Gov. Bruce Rauner says his plan to privatize the state's economic development agency will improve job creation in Illinois. But similar plans in other states and even in Chicago have sometimes raised concerns about transparency and oversight, with taxpayers not always knowing how their money was being spent.
Rauner's plan, currently being considered by the Illinois General Assembly, would turn much of the development work of the Illinois Department of Commerce and Economic Opportunity over to a new, not-for-profit corporation.
Rauner and other supporters say a private agency negotiating tax breaks and other government-funded incentives with companies can move faster and with less red tape than a state agency. They say it could use private money to pay higher salaries and recruit better talent.
"We think the agility comes from having private people that can be much more aggressive," Jim Schultz, Rauner's recently named DCEO director, said in an interview with The Associated Press.
But experts on corporate tax breaks say there's little direct evidence that private development agencies are better than their public counterparts. And skeptics see a potential minefield of ethical challenges in letting a private corporation overseen by political appointees make decisions about which companies receive state subsidies.

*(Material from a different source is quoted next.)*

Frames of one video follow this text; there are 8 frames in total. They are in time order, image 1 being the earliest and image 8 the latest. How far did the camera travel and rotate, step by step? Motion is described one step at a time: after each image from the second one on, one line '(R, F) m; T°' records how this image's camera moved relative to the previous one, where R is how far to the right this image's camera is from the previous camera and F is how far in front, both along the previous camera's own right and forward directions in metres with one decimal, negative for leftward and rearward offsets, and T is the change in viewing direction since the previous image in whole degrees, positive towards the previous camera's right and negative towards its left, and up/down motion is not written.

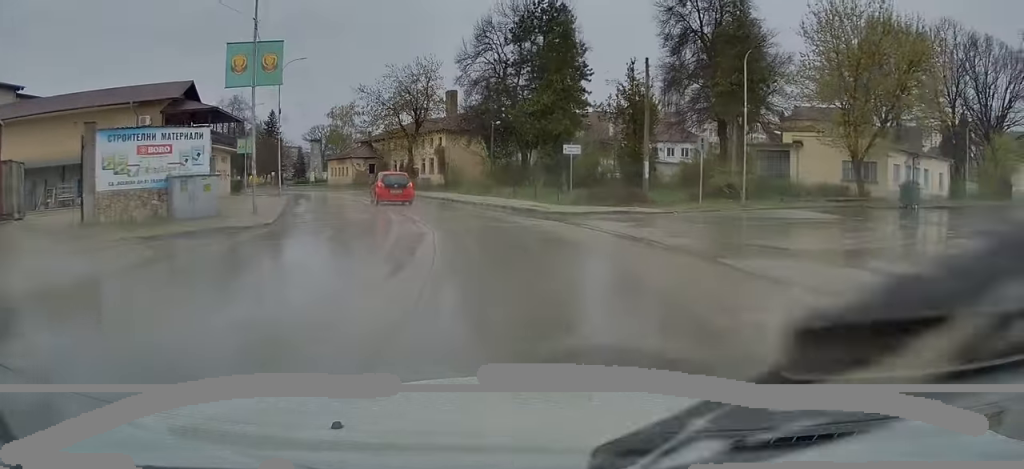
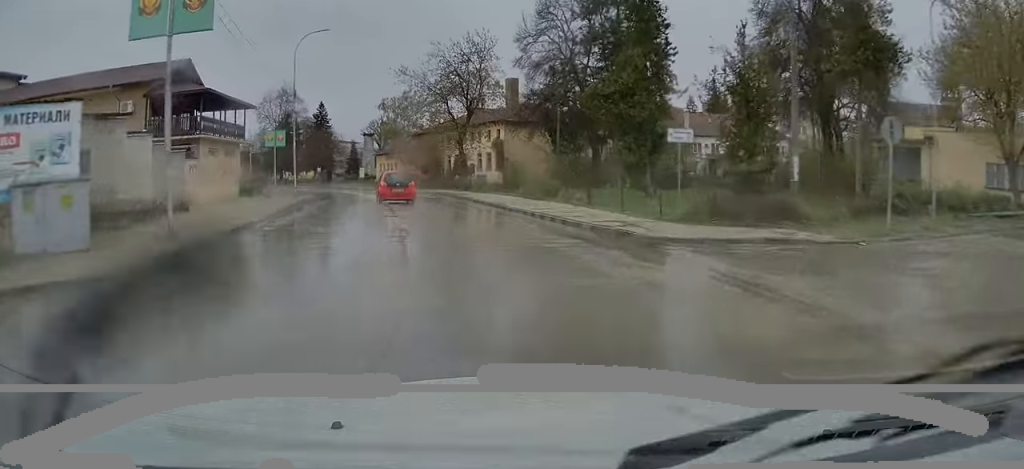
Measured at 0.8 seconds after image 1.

"I'm not sure that the best way you eliminate pin-stripe patronage is to hand the decisions over to the guys in pin stripes," said Ron Baiman, director of budget and policy analysis at the Center for Tax and Budget Accountability in Chicago. "I just think it's a horrible idea."
The Republican governor's plan is bundled in legislation that also would eliminate the state Historic Preservation Agency and create a separate agency for the Abraham Lincoln Presidential Library and Museum. Those are moves that Democratic House Speaker Mike Madigan wants, potentially giving both initiatives a stronger chance of becoming law.
The bill would create the Illinois Business and Economic Development Corporation and give it the authority to recruit companies and negotiate deals. That includes EDGE tax credits that have generated controversy the past few years as part of multimillion-dollar deals with Sears Holding Corp., CME Group and others. A board would oversee the corporation, with most members appointed by the governor.
A closer look at similar agencies already operating shows a number of potential pitfalls.
In Chicago, concerns have been raised about a lack of transparency at the publicly funded, not-for-profit World Business Chicago. Mayor Rahm Emanuel chairs the organization.
The Michigan Auditor General in 2013 found that the Michigan Economic Development Corporation significantly overstated job creation, essentially taking companies' word.
In Ohio, JobsOhio has faced a series of problems. Among them was $5.3 million in state funding given to the agency without the Legislature's knowledge and criticism of Republican Gov. John Kasich for filling board seats with campaign contributors.
In Indiana, a federal audit last year found that a company contracted by the Indiana Economic Development Corporation improperly funneled almost half million dollars to a business run by the contractor's chairman. Questions also have been raised about some job-creation numbers reported by the IEDC.
Eric Shields, IEDC's vice president for policy & strategic initiatives, says the agency has learned from those mistakes. It has, among other things, started posting contracts online in response to concerns about job-creation numbers.
"There's always going to be glitches, that comes with the territory," he said, adding that the IEDC makes far more deals than its state predecessor to bring companies to Indiana or help firms expand.
In Illinois, Schultz believes Rauner's plan can avoid such problems. Under the legislation, deals would have to be approved by a new Office of Accountability and Transparency to be set up within DCEO. Once complete, the terms would be made public.
Regarding salaries, records from the Illinois Comptroller's Office indicate that dozens of DCEO employees make close to or more than $100,000 a year. How much more the development corporation would pay would be up to its board.
Rauner has drawn scrutiny since taking office for paying top staff considerably more than former Gov. Pat Quinn, which he says is justified to bring in better talent.
The new corporation also would be funded in part by private donations, Schultz said. Just how much is yet to be determined, but that money would presumably not be subject to restrictions and oversight that would come with some state funds.
State Rep. Jack Franks, a longtime critic of corporate subsidies, hopes the legislation isn't approved so quickly that its details are not considered. He says he's spoken to Rauner about his concerns, but worries the plan would undo the sort of transparency provided in his 2012 legislation requiring disclosure of the terms of tax-break deals.
"I want to make sure we don't go backwards," Franks said.